#### EXCERPTED RECORDS:
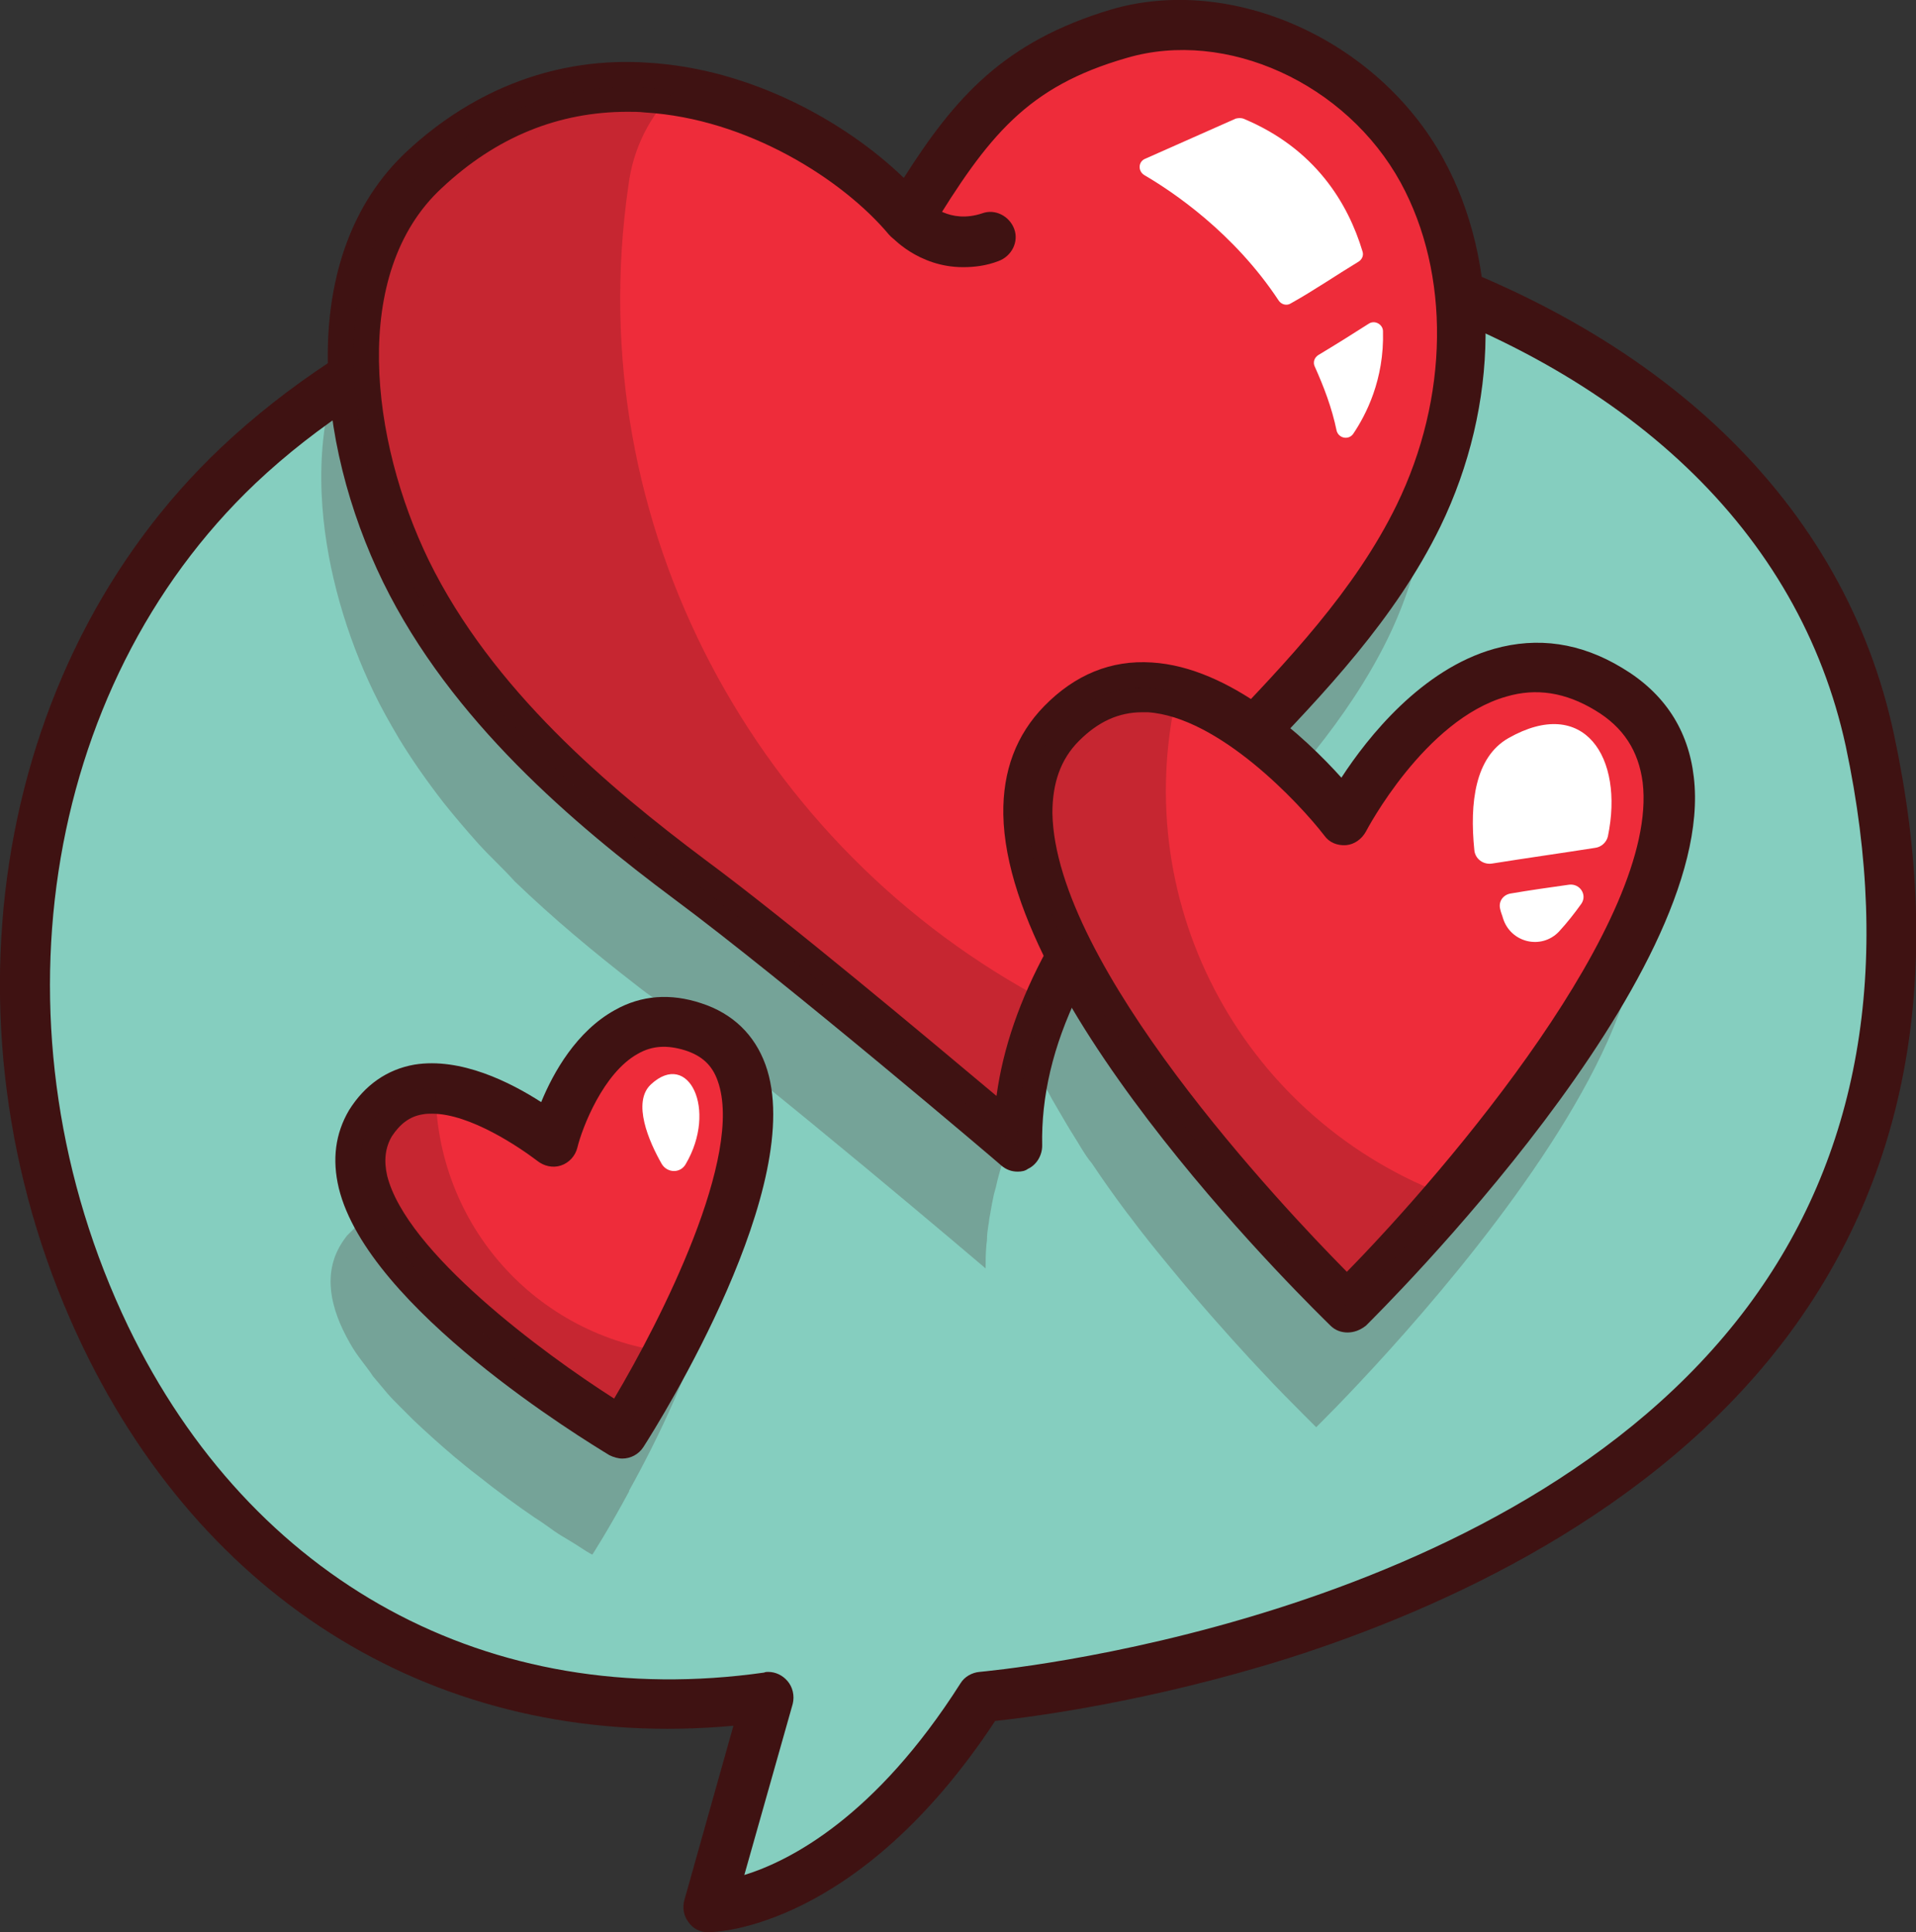 <?xml version="1.0" encoding="utf-8"?>
<!-- Generator: Adobe Illustrator 21.1.0, SVG Export Plug-In . SVG Version: 6.00 Build 0)  -->
<svg version="1.1" xmlns="http://www.w3.org/2000/svg" xmlns:xlink="http://www.w3.org/1999/xlink" x="0px" y="0px"
	 viewBox="0 0 281.1 283.5" style="enable-background:new 0 0 281.1 283.5;" xml:space="preserve">
<rect x="0" y="0" width="281.1" height="283.5" fill="#333333" stroke="none"/>
<style type="text/css">
	.st0{fill:#85CEBF;}
	.st1{fill:#3F1212;}
	.st2{opacity:0.23;}
	.st3{fill:#EE2C3A;}
	.st4{opacity:0.23;fill:#3F1212;}
	.st5{fill:#FFFFFF;}
	.st6{display:none;}
	.st7{display:inline;fill:none;stroke:#EC008C;stroke-width:0.5;stroke-miterlimit:10;}
</style>
<g id="Layer_1">
	<g>
		<g>
			<g>
				<path class="st0" d="M274.3,108.7C255.4,19.9,99.9,6.9,35,68.3c-64.9,61.4-23.4,195,77.6,180.7l-8.7,30.8
					c0,0,20.3,0.1,39.9-30.8C143.9,249,301.4,236.6,274.3,108.7z"/>
				<path class="st1" d="M103.9,283.5C103.9,283.5,103.9,283.5,103.9,283.5c-1.2,0-2.2-0.5-2.9-1.5c-0.7-0.9-0.9-2.1-0.6-3.2
					l7.2-25.6c-41.3,3.8-76.7-16.7-95.4-55.5c-22-45.7-13.7-100,20.3-132.1C71,29.3,142.3,16.4,202.1,35
					c41.7,13,68.6,38.9,75.8,72.9c7.4,34.7,2.1,64.4-15.7,88.2c-19.5,26-50.6,40-73.2,47.2c-20.4,6.4-37.5,8.6-43,9.2
					C125.9,283,105,283.5,103.9,283.5z M112.7,245.3c1.1,0,2.1,0.5,2.8,1.3c0.8,0.9,1.1,2.2,0.8,3.4l-7.1,25.1
					c6.8-2.1,19.3-8.6,31.7-28.1c0.6-1,1.7-1.6,2.8-1.7c0.8-0.1,77.7-6.7,112.7-53.6c16.4-22,21.3-49.7,14.4-82.2c0,0,0,0,0,0
					C264,78.1,238.9,54.2,199.9,42C143.4,24.4,73.6,36.8,37.5,70.9C5.9,100.9-1.8,151.7,18.8,194.6c18.1,37.5,53,56.5,93.3,50.8
					C112.3,245.3,112.5,245.3,112.7,245.3z"/>
			</g>
			<g class="st2">
				<path class="st1" d="M231.5,119.1c-22-13.2-38.7,19.2-38.7,19.2s-5.6-7.4-13.4-13c9.3-9.7,18.3-19.6,24.2-31.6
					c7.7-15.8,8.9-35.3,0.5-50.7c-8.5-15.4-27.6-25.1-44.4-20.1c-15.9,4.7-22.2,12.9-30.9,27.1c-7-8.3-20.9-17.5-36.5-19.1
					c-0.1,0-0.1,0-0.2,0c-0.7-0.1-1.4-0.1-2.1-0.2c-0.1,0-0.2,0-0.3,0c-0.7,0-1.4-0.1-2.1-0.1c-0.1,0-0.2,0-0.3,0
					c-0.7,0-1.4,0-2.1,0.1c-0.1,0-0.1,0-0.2,0c-2.8,0.2-5.7,0.6-8.5,1.3c-0.3,0.1-0.5,0.1-0.8,0.2c-0.5,0.1-0.9,0.3-1.4,0.4
					c-0.4,0.1-0.7,0.2-1.1,0.4c-0.4,0.2-0.9,0.3-1.3,0.5c-0.4,0.2-0.8,0.3-1.2,0.5c-0.4,0.2-0.8,0.4-1.2,0.6
					c-0.4,0.2-0.8,0.4-1.3,0.6c-0.4,0.2-0.8,0.4-1.1,0.6c-0.4,0.2-0.9,0.5-1.3,0.8c-0.4,0.2-0.7,0.4-1.1,0.7
					c-0.5,0.3-0.9,0.6-1.4,0.9c-0.3,0.2-0.7,0.4-1,0.7c-0.5,0.4-1,0.8-1.6,1.2c-0.3,0.2-0.5,0.4-0.8,0.6c-0.8,0.6-1.6,1.3-2.3,2
					c-4.7,4.4-7.7,10-9.2,16.1c-1.2,4.9-1.5,10.2-1.1,15.6c0.7,9.4,3.6,19,7.5,27.1c1.1,2.3,2.4,4.6,3.7,6.8c2,3.3,4.2,6.4,6.6,9.5
					c1.6,2,3.3,4,5,5.9c0.9,1,1.8,1.9,2.7,2.8c0.9,0.9,1.8,1.8,2.7,2.8c5.6,5.4,11.6,10.4,17.8,15.2c1,0.8,2.1,1.6,3.1,2.3
					c16.6,12.4,48.2,39.3,48.2,39.3c0-1.1,0-2.1,0.1-3.2c0-0.4,0.1-0.7,0.1-1.1c0-0.7,0.1-1.3,0.2-2c0.1-0.4,0.1-0.9,0.2-1.3
					c0.1-0.6,0.2-1.1,0.3-1.7c0.1-0.5,0.2-1,0.3-1.5c0.1-0.4,0.2-0.7,0.3-1.1c0.3-1.4,0.7-2.7,1.1-4.1c0-0.1,0.1-0.2,0.1-0.3
					c0.3-0.8,0.5-1.5,0.8-2.3c0-0.1,0.1-0.3,0.1-0.4c0.3-0.8,0.6-1.6,1-2.4c1-2.3,2.1-4.6,3.3-6.8c0.2,0.3,0.3,0.6,0.5,0.9
					c0.4,0.8,0.9,1.6,1.3,2.4c0.7,1.2,1.4,2.4,2.1,3.6c0.7,1.2,1.5,2.4,2.2,3.6c0.5,0.8,1,1.6,1.6,2.3c1.6,2.4,3.3,4.8,5.1,7.2
					c0.8,1,1.5,2,2.3,3c1.4,1.8,2.8,3.5,4.2,5.2c4.1,5,8.2,9.6,11.6,13.3c0.5,0.5,1,1.1,1.5,1.6c2.5,2.7,4.7,4.9,6.1,6.3
					c1.4,1.4,2.1,2.1,2.1,2.1S265,139.2,231.5,119.1z"/>
				<path class="st1" d="M97.3,168.7c-15-4.9-20.5,16.9-20.5,16.9s-9.1-7.5-17.3-7.9l0,0c0,0,0,0,0,0c-0.4,0-0.8,0-1.3,0
					c-0.1,0-0.2,0-0.2,0c-0.4,0-0.7,0.1-1,0.1c-0.1,0-0.2,0-0.3,0c-0.4,0.1-0.7,0.2-1.1,0.3c0,0-0.1,0-0.1,0
					c-0.4,0.1-0.8,0.3-1.2,0.5c0,0-0.1,0-0.1,0c-0.3,0.2-0.7,0.4-1,0.6c-0.1,0.1-0.2,0.2-0.3,0.2c-0.2,0.2-0.5,0.4-0.7,0.6
					c-0.1,0.1-0.2,0.2-0.3,0.3c-0.2,0.2-0.5,0.5-0.7,0.7c-0.1,0.1-0.2,0.2-0.3,0.3c-0.3,0.4-0.6,0.8-0.9,1.3
					c-2.6,4.3-1.6,9.3,1.3,14.4c0.5,0.9,1.1,1.8,1.8,2.7c0.5,0.7,1.1,1.4,1.6,2.2c0.7,0.8,1.4,1.7,2.1,2.5c0.6,0.7,1.3,1.4,2,2.1
					c0.6,0.6,1.2,1.2,1.8,1.8c1.9,1.8,3.9,3.6,5.9,5.3c1.2,1,2.4,2,3.6,2.9c3,2.4,5.9,4.5,8.4,6.2c0.8,0.5,1.5,1,2.2,1.5
					c0.8,0.6,1.6,1.1,2.3,1.5c1,0.6,1.8,1.1,2.4,1.5c0.9,0.6,1.5,0.9,1.5,0.9s2.4-3.7,5.4-9.3c0,0,0,0,0-0.1
					C100.7,203.6,114,174.1,97.3,168.7z"/>
			</g>
			<g>
				<g>
					<g>
						<path class="st3" d="M149.3,168.3c-0.4-18.7,11-35.5,23.5-49.3c12.6-13.8,27-26.5,35.2-43.3c7.7-15.8,8.9-35.3,0.5-50.7
							C200.1,9.6,181,0,164.1,4.9c-15.9,4.7-22.2,12.9-30.9,27.1c-12.1-14.4-45-31.3-71-7.2C47.1,39,50.5,65.2,59.5,83.8
							c9,18.6,25,32.9,41.6,45.2C117.7,141.3,149.3,168.3,149.3,168.3z"/>
						<path class="st1" d="M149.3,171.9c-0.9,0-1.7-0.3-2.4-0.9c-0.3-0.3-31.7-27-48-39.1C84.3,121,66.2,105.8,56.2,85.4
							c-10-20.5-12.8-48,3.5-63.2c10-9.3,22.3-13.9,35.4-13c15.1,0.9,29,8.7,37.5,16.9c7.5-11.8,14.7-20,30.4-24.7
							c17.7-5.2,39.1,4.4,48.7,21.8c8.5,15.4,8.3,36.2-0.4,54.1c-6.6,13.5-17,24.4-27.1,34.9c-2.9,3-5.9,6.1-8.7,9.2
							c-15.7,17.3-22.9,32.2-22.6,46.7c0,1.4-0.8,2.8-2.1,3.4C150.4,171.8,149.9,171.9,149.3,171.9z M92.1,16.4
							c-10.2,0-19.3,3.7-27.3,11.2c-13.5,12.5-10.4,37.1-1.9,54.6c9.3,19,26.5,33.4,40.5,43.9c12.3,9.1,32.9,26.4,42.8,34.7
							c1.9-14,9.8-28.5,24.1-44.2c2.9-3.2,5.9-6.3,8.8-9.4c9.7-10.1,19.7-20.6,25.8-33.1c7.7-15.8,7.9-33.9,0.6-47.3
							c-8-14.6-25.6-22.6-40.2-18.3C150.7,12.7,145,19.9,136.4,34c-0.6,1-1.7,1.7-2.9,1.7c-1.2,0.1-2.3-0.4-3.1-1.3
							c-6.7-8-20.7-17-35.8-17.9C93.8,16.4,92.9,16.4,92.1,16.4z"/>
					</g>
					<path class="st4" d="M92.2,27.2c0.7-5.5,3.1-10.1,6.8-13.9c-12-1.8-25,0.8-36.7,11.6C47.1,39,50.5,65.2,59.5,83.8
						c9,18.6,25,32.9,41.6,45.2c16.6,12.4,48.2,39.3,48.2,39.3c-0.2-7.4,1.6-14.5,4.4-21.3C111.2,124.7,84.9,77.1,92.2,27.2z"/>
					<path class="st1" d="M141.3,39.2c-6.6,0-10.6-4.5-10.8-4.8c-1.3-1.5-1.2-3.8,0.4-5.2c1.5-1.3,3.8-1.2,5.1,0.3
						c0.3,0.4,3.3,3.4,8.1,1.8c1.9-0.7,4,0.4,4.7,2.3c0.7,1.9-0.4,4-2.3,4.7C144.7,39,142.9,39.2,141.3,39.2z"/>
					<path class="st5" d="M187.6,44.1c0.4,0.6,1.2,0.8,1.8,0.4c3.4-1.9,6.6-4.1,9.9-6.1c0.5-0.3,0.8-0.9,0.6-1.5
						c-2.1-7-6.9-15.1-17.5-19.5c-0.3-0.1-0.7-0.1-1.1,0L168,23.3c-1,0.4-1.1,1.8-0.1,2.4C172,28.1,181,34.1,187.6,44.1z"/>
					<path class="st5" d="M192.9,53.8c1.3,2.9,2.5,6,3.2,9.4c0.3,1.1,1.7,1.4,2.4,0.5c1.9-2.8,4.6-8,4.4-15.1c0-1-1.2-1.7-2.1-1.1
						c-2.5,1.6-4.9,3.1-7.4,4.6C192.8,52.5,192.6,53.2,192.9,53.8z"/>
				</g>
				<g>
					<g>
						<path class="st3" d="M197.7,191.8c0,0,71.8-70.6,38.3-90.7c-22-13.2-38.7,19.2-38.7,19.2s-24.3-31.8-41.5-14.2
							C132.8,129.6,197.7,191.8,197.7,191.8z"/>
						<path class="st1" d="M197.7,195.5c-0.9,0-1.8-0.3-2.5-1c-1.9-1.9-47.5-45.9-48-75c-0.1-6.4,1.9-11.7,6-15.9
							c4.5-4.6,9.8-6.8,15.8-6.4c11.5,0.7,22.5,11,27.8,16.9c3.9-6,11.8-15.9,22.4-18.9c6.4-1.8,12.7-0.9,18.8,2.8
							c6.2,3.7,9.7,9.1,10.5,16c3.5,29.4-46,78.4-48.1,80.5C199.5,195.2,198.6,195.5,197.7,195.5z M167.6,104.5
							c-3.5,0-6.5,1.4-9.3,4.2c-2.7,2.7-3.9,6.2-3.9,10.6c0.4,22.4,33.6,57.6,43.2,67.3c15-15.3,45.8-51.6,43.4-71.8
							c-0.6-4.6-2.8-8.1-7-10.6c-4.3-2.6-8.6-3.3-13-2c-12,3.4-20.5,19.6-20.6,19.8c-0.6,1.1-1.7,1.9-2.9,2
							c-1.3,0.1-2.5-0.4-3.2-1.4c-3.7-4.8-15.5-17.4-25.9-18.1C168.2,104.5,167.9,104.5,167.6,104.5z"/>
					</g>
					<path class="st4" d="M172.7,101.6c-5.7-1.6-11.7-0.8-17,4.6c-23,23.5,42,85.7,42,85.7s6.7-6.6,15.1-16.3
						C182.9,164.6,165.4,133.2,172.7,101.6z"/>
					<path class="st5" d="M234,124.4c0.9-0.1,1.7-0.8,1.9-1.7c2.4-11.6-3.5-20.7-14.6-14.4c-4.9,2.8-5.7,9.5-5,16.4
						c0.1,1.3,1.3,2.2,2.6,2C223.9,125.9,228.9,125.2,234,124.4z"/>
					<path class="st5" d="M221.6,131.1c-1.1,0.2-1.8,1.2-1.5,2.3c0.1,0.5,0.3,0.9,0.4,1.3c1.1,3.6,5.6,4.7,8.2,2
						c1.2-1.3,2.3-2.7,3.3-4.1c0.9-1.3-0.2-3-1.8-2.8C227.4,130.2,224.5,130.6,221.6,131.1z"/>
				</g>
				<g>
					<g>
						<path class="st3" d="M91.3,210.4c0,0,33.3-52.2,10.4-59.6c-15-4.9-20.5,16.9-20.5,16.9s-18.9-15.7-26.8-2.8
							C43.9,182.1,91.3,210.4,91.3,210.4z"/>
						<path class="st1" d="M91.3,214c-0.6,0-1.3-0.2-1.9-0.5c-3.6-2.2-35.4-21.5-39.7-39.2c-1-4.2-0.5-8,1.5-11.4
							c2.3-3.7,5.6-6,9.6-6.7c6.8-1.1,14.1,2.6,18.6,5.5c1.8-4.4,5.2-10.4,10.8-13.5c3.9-2.2,8.2-2.5,12.7-1c4.6,1.5,7.8,4.6,9.4,9
							c6.3,17.4-15.4,52.2-17.9,56.1C93.7,213.4,92.5,214,91.3,214z M63.4,163.4c-0.5,0-0.9,0-1.4,0.1c-1.9,0.3-3.3,1.4-4.5,3.2
							c-1,1.7-1.2,3.6-0.7,5.8c2.8,11.2,22.8,26,33.3,32.7c6.9-11.6,19.1-35.7,15.2-46.6c-0.8-2.3-2.3-3.7-4.8-4.5
							c-2.6-0.8-4.8-0.7-6.9,0.5c-5.1,2.8-8.2,10.9-8.9,13.8c-0.3,1.2-1.2,2.2-2.4,2.6c-1.2,0.4-2.5,0.1-3.5-0.7
							C76.3,168.4,69,163.4,63.4,163.4z"/>
					</g>
					<path class="st4" d="M63.9,159.7c-3.6-0.2-7.1,1.1-9.5,5.1c-10.5,17.2,37,45.5,37,45.5s3.1-4.9,6.8-11.9
						C78.7,196.1,63.9,179.7,63.9,159.7z"/>
					<path class="st5" d="M97.1,170.8c0.8,1.3,2.7,1.4,3.5,0c4.7-8,0.4-16.8-5.1-11.7C92.7,161.7,95.2,167.5,97.1,170.8z"/>
				</g>
			</g>
		</g>
	</g>
</g>
<g id="cut" class="st6">
	<path class="st7" d="M103.9,283.2c-1.1,0-2.1-0.5-2.7-1.3c-0.6-0.8-0.8-1.9-0.6-3l7.3-26l-0.4,0c-3.2,0.3-6.5,0.4-9.6,0.4
		c-37.3,0-68.4-20.3-85.5-55.8C-9.5,152-1.2,97.8,32.7,65.8c4.7-4.4,9.9-8.6,15.6-12.3l0.1-0.1l0-0.2c-0.2-13,3.8-23.6,11.5-30.8
		c9.2-8.5,20.3-13.1,32.1-13.1c1,0,2,0,3,0.1c15.6,1,29.6,9.3,37.4,16.8l0.2,0.2l0.2-0.3c7.9-12.5,15.1-20,30.3-24.5
		c3.2-0.9,6.5-1.4,10-1.4c15.3,0,30.8,9.3,38.4,23.1c2.8,5.2,4.7,11,5.6,17.3l0,0.2l0.1,0.1c33.1,14.2,54,37.4,60.3,67
		c7.4,34.6,2.1,64.2-15.6,88c-19.4,26-50.4,39.9-73.1,47.1c-20.1,6.3-36.7,8.5-42.9,9.2l-0.1,0l-0.1,0.1
		C125.7,282.8,104.8,283.2,103.9,283.2L103.9,283.2z"/>
</g>
</svg>

#### EXERCISE INSTRUCTIONS:
Each line above with the string "fill" should be reported in full.

#### ANSWER TO THIS EXERCISE:
<rect x="0" y="0" width="281.1" height="283.5" fill="#333333" stroke="none"/>
	.st0{fill:#85CEBF;}
	.st1{fill:#3F1212;}
	.st3{fill:#EE2C3A;}
	.st4{opacity:0.23;fill:#3F1212;}
	.st5{fill:#FFFFFF;}
	.st7{display:inline;fill:none;stroke:#EC008C;stroke-width:0.5;stroke-miterlimit:10;}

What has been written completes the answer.